Information:

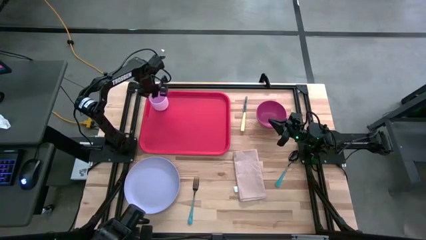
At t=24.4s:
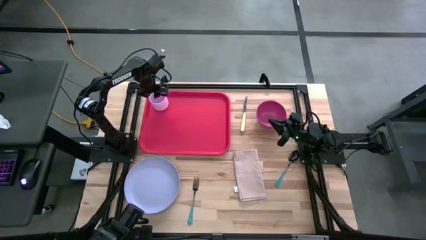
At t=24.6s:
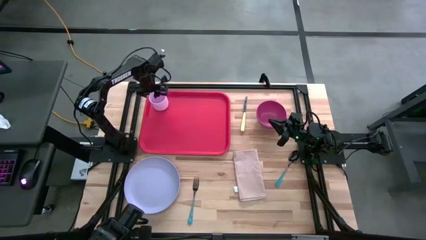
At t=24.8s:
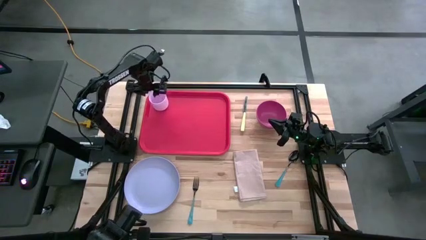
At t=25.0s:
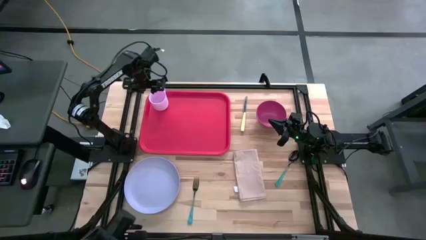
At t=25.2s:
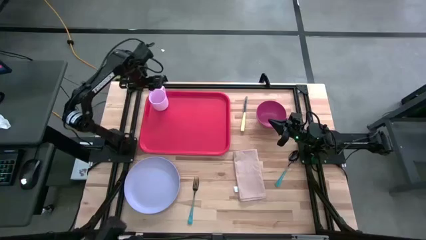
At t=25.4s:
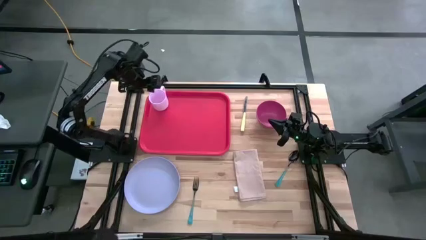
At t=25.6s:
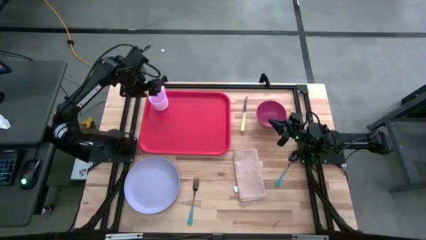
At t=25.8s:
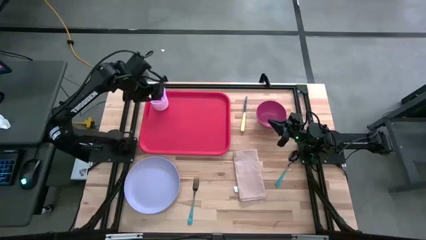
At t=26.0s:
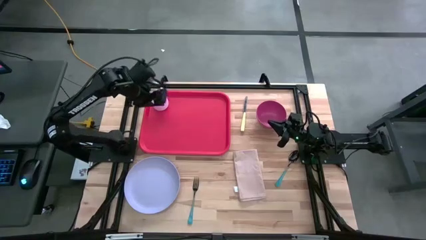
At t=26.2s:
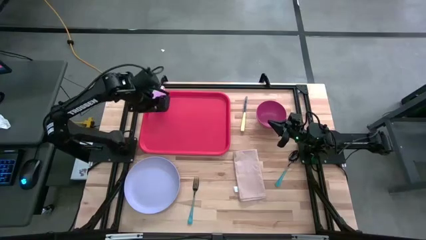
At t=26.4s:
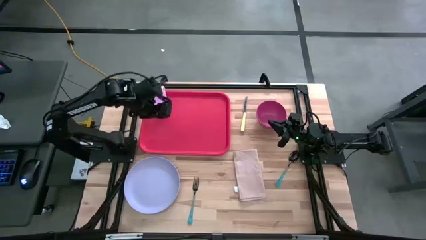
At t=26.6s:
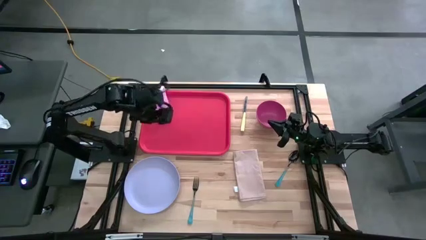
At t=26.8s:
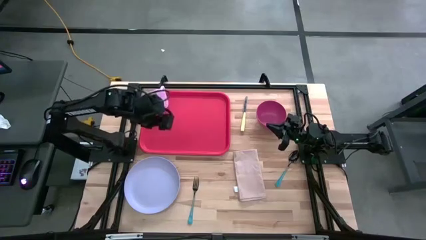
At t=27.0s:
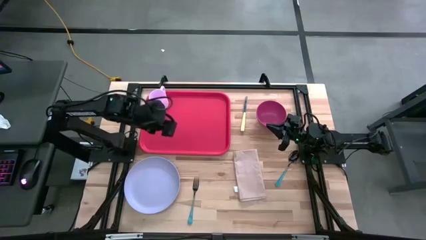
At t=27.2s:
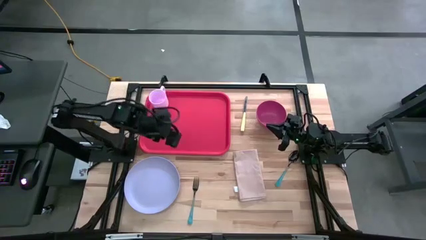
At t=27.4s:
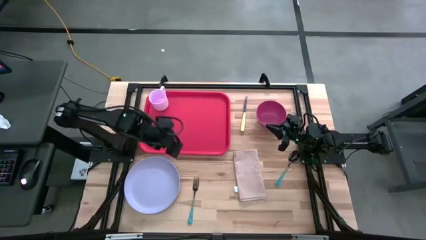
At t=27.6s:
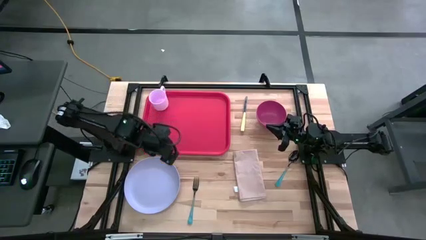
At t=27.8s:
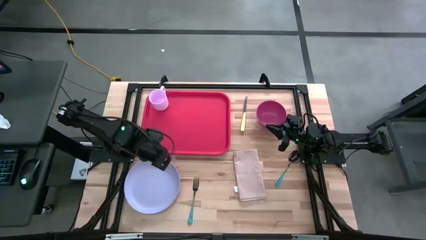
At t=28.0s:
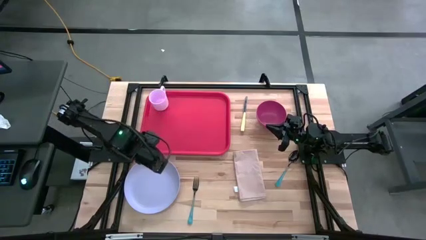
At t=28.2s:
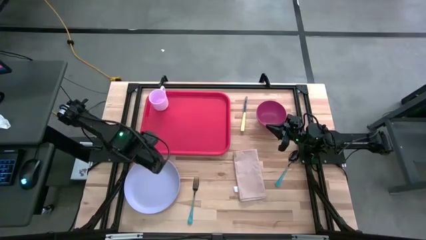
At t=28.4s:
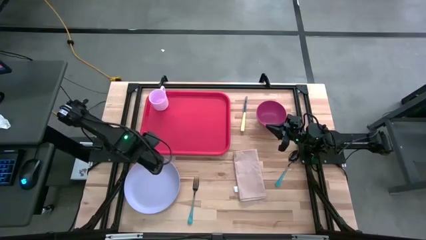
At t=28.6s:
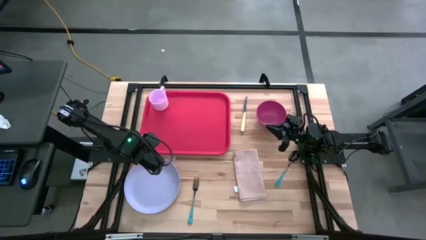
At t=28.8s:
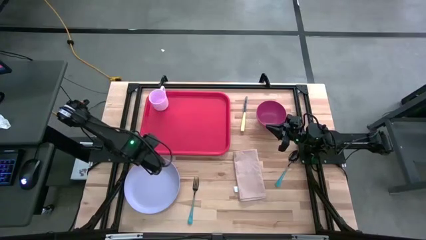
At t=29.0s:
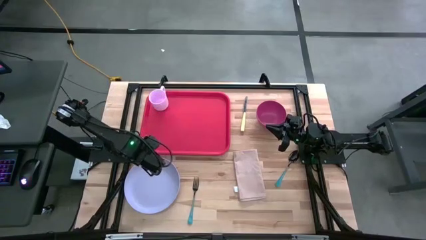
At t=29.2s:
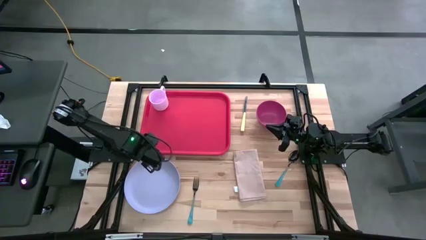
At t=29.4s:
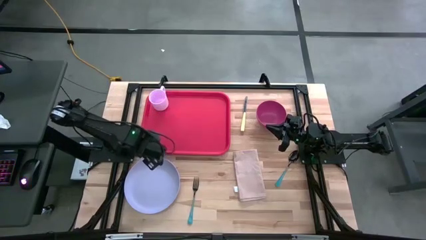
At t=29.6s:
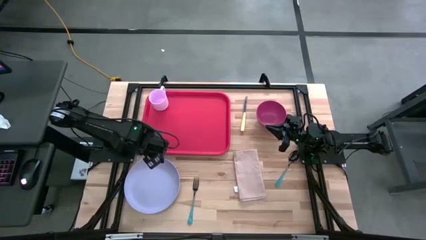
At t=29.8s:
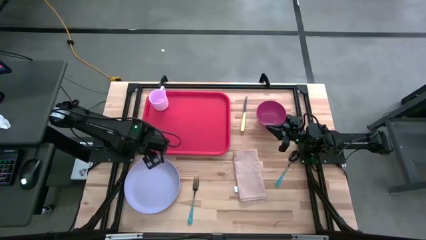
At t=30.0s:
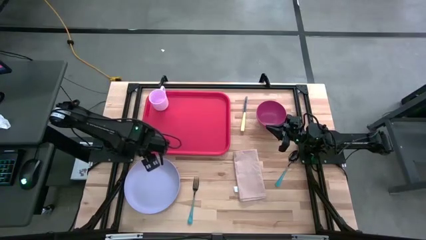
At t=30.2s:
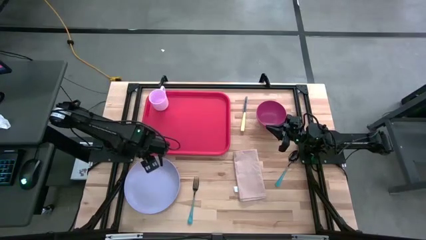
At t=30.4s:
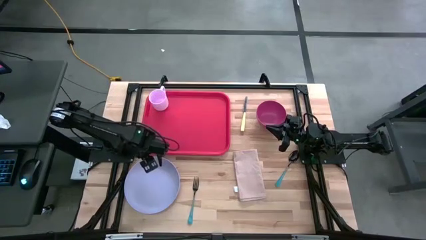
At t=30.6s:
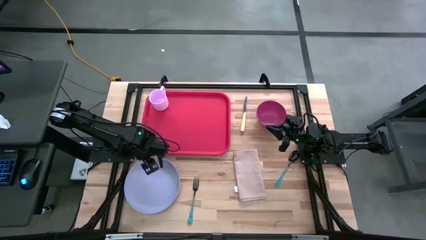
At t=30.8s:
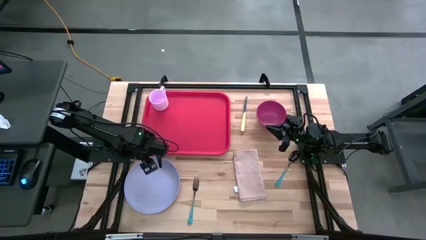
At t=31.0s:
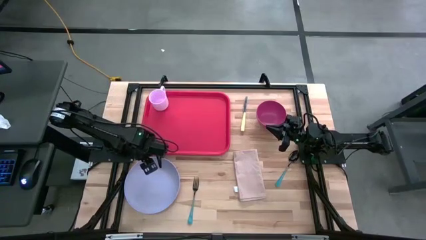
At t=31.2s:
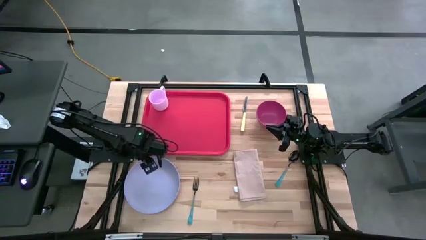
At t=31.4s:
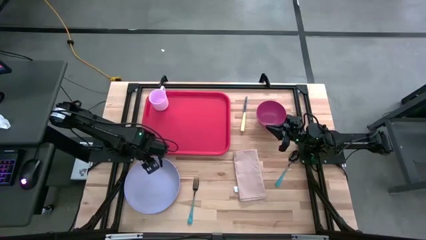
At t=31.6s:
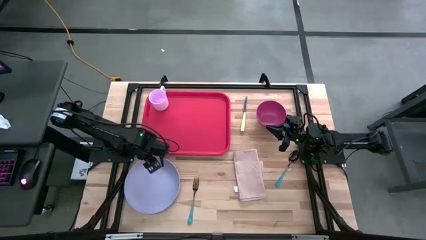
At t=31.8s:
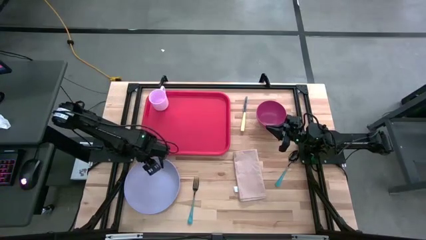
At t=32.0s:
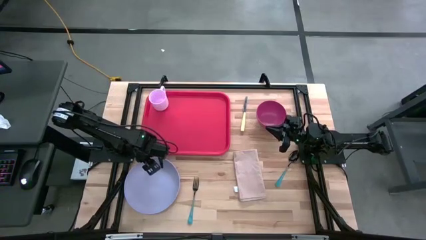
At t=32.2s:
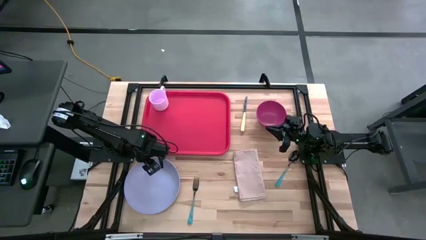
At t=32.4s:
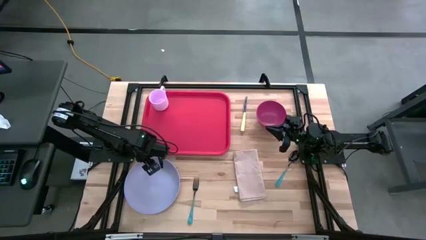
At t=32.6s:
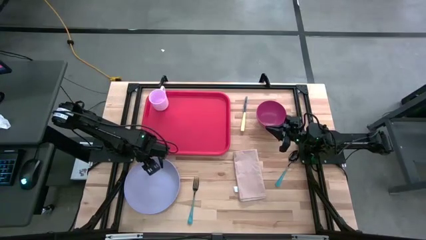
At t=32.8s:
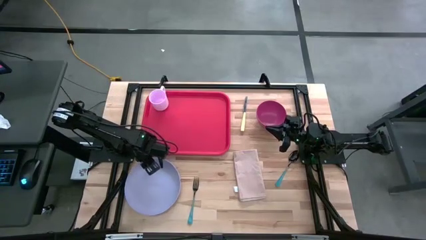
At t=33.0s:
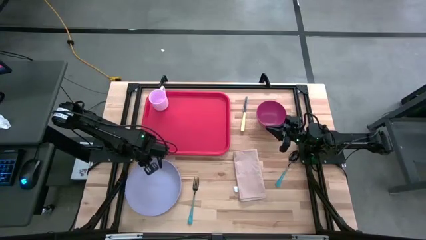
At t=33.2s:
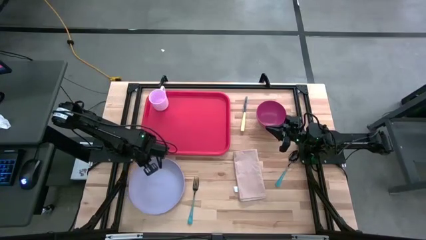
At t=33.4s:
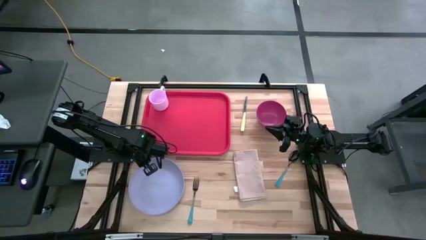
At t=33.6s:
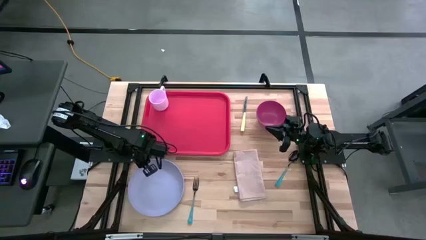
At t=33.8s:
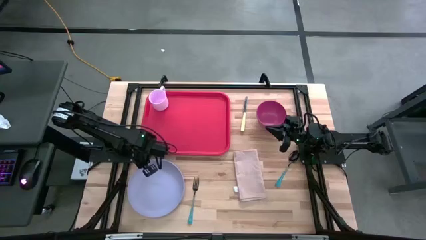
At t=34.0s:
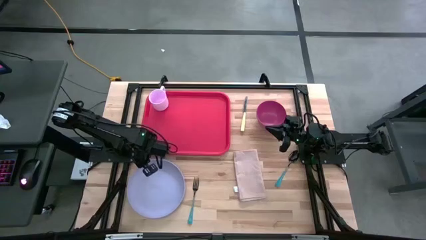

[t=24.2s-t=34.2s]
Task: Set up tray
Put the purple plate on the red tray to the bottom right of the pink mug

What needs to be done: Reproduce the whole listing above word for word, dropping each image.

Exercise output:
At t=24.4s:
At t=24.6s:
At t=24.8s:
At t=25.0s:
At t=25.2s:
At t=25.4s:
At t=25.6s:
At t=25.8s:
At t=26.0s:
At t=26.2s:
At t=26.4s:
At t=26.6s:
At t=26.8s:
At t=27.0s:
At t=27.2s:
At t=27.4s:
At t=27.6s:
At t=27.8s:
At t=28.0s:
At t=28.2s:
At t=28.4s:
At t=28.6s:
At t=28.8s:
At t=29.0s:
At t=29.2s:
At t=29.4s:
At t=29.6s:
At t=29.8s:
At t=30.0s:
At t=30.2s:
At t=30.4s:
At t=30.6s:
At t=30.8s:
At t=31.0s:
At t=31.2s:
At t=31.4s:
At t=31.6s:
At t=31.8s:
At t=32.0s:
At t=32.2s:
At t=32.4s:
At t=32.6s:
At t=32.8s:
At t=33.0s:
At t=33.2s:
At t=33.4s:
At t=33.6s:
At t=33.8s:
At t=34.0s:

[t=24.2s-t=34.2s]
Task: Set up tray
Put the purple plate on the red tray to the bottom right of the pink mug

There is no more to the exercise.